◆ **DATA SHOWN**
_____

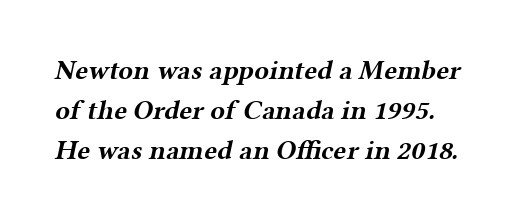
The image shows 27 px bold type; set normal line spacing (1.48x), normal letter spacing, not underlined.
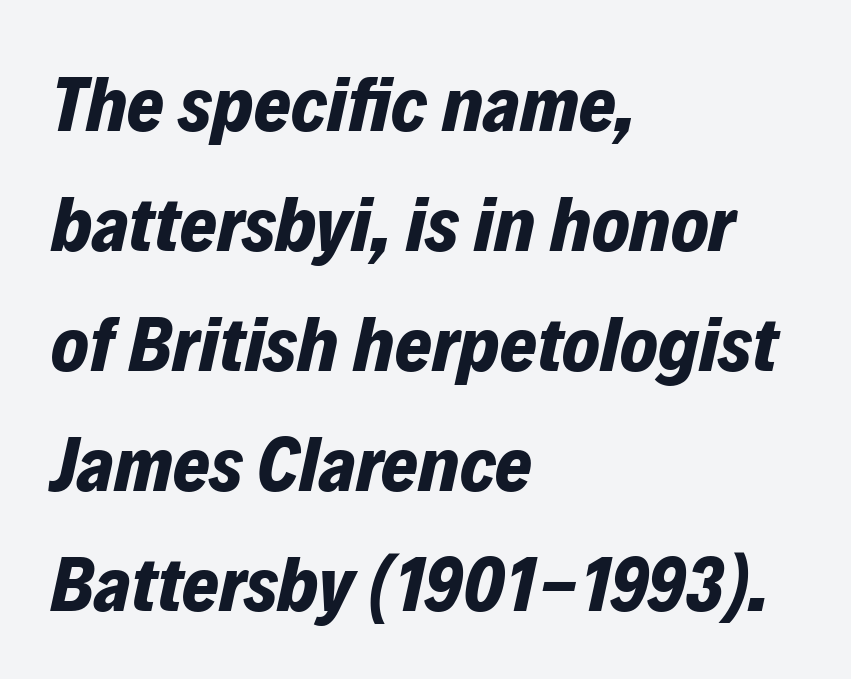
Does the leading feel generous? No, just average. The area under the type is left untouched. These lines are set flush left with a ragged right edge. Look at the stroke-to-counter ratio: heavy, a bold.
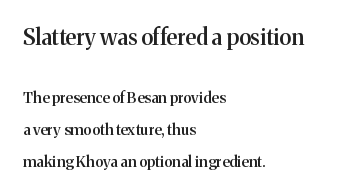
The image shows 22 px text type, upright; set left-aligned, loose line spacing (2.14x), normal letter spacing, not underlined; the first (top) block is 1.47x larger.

_____

Lines of the data above that include the string "left" must each be copied.

Does the leading feel generous? No, just average. The area under the type is left untouched. These lines are set flush left with a ragged right edge. Look at the stroke-to-counter ratio: heavy, a bold.
The image shows 22 px text type, upright; set left-aligned, loose line spacing (2.14x), normal letter spacing, not underlined; the first (top) block is 1.47x larger.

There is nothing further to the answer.